Burke Brook is a small stream in Toronto, Ontario. It is part of the Don River watershield, a major river that flows into Lake Ontario. The north end of the stream begins near Glenview Senior Public School.

== History ==
Burke Brooke used to start near Downsview Airport. The stream then went in a southeast direction to where it met the beginning of the stream today (just east of Glenview Senior Public School). After that the stream followed the current course to where it meets the West Don River. The total length of the stream was 9 km, with 6 km being tributaries.

== Tributaries ==

=== Havergal Stream ===
Havergal Stream runs entirely through the property of Havergal College girls' school. The start of the stream is fed by local sewers and nearby springs. The Havergal Stream then proceeds to meet the North Toronto Storm Trunk Sewer at the edge of the school property. The water of the stream flows into the North Toronto Storm Trunk Sewer, where the sewer meets the Burke Brook.

Havergal Stream used to start under the intersection of Old Orchard Grove and Barse Street by the Baycrest Hospital. The length of the river was 1.5 km. The river left its source and proceeded in a south-south-east direction to the current grounds of Havergal College, where nowadays it pops ups from the ground. The stream then went to where the current North Toronto Storm Trunk Sewer is and then met the Burke Brook a little east of there.

=== North Toronto Storm Trunk Sewer ===
The North Toronto Storm Trunk Sewer is a storm sewer location in North York, Toronto, Ontario.
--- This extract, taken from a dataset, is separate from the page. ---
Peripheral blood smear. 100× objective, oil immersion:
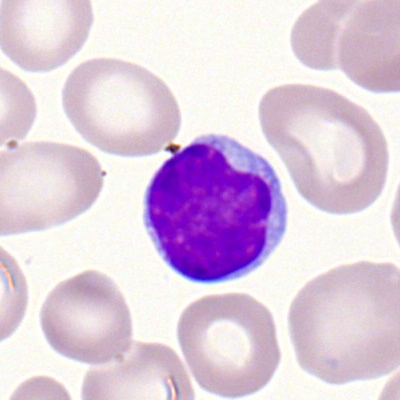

The sewer has two sections: one starts at Lawrence Avenue and follows the old Burke Brooke, and the other starts at Douglass Avenue and Bathurst Street. The North Toronto Storm Trunk Sewer was a Metropolitan Toronto project installed during the 1960s and 70s. Like other sewers build at that time, it was intended to help reduce sewage along the planned route for the Spadina Expressway. It was also intended to allow particle sewage separation in suburban boroughs served by smaller sewage plants and to open up more land for development. The sewer also links to the North York Storm Trunk Sewer by Douglass Avenue and Bathurst Street. The North Toronto Storm Trunk Sewer meets the Burke Brooke where it starts near Glenview Senior Public School

=== Former tributaries ===
The Burke Brook used to have a total of 6 km of tributary streams.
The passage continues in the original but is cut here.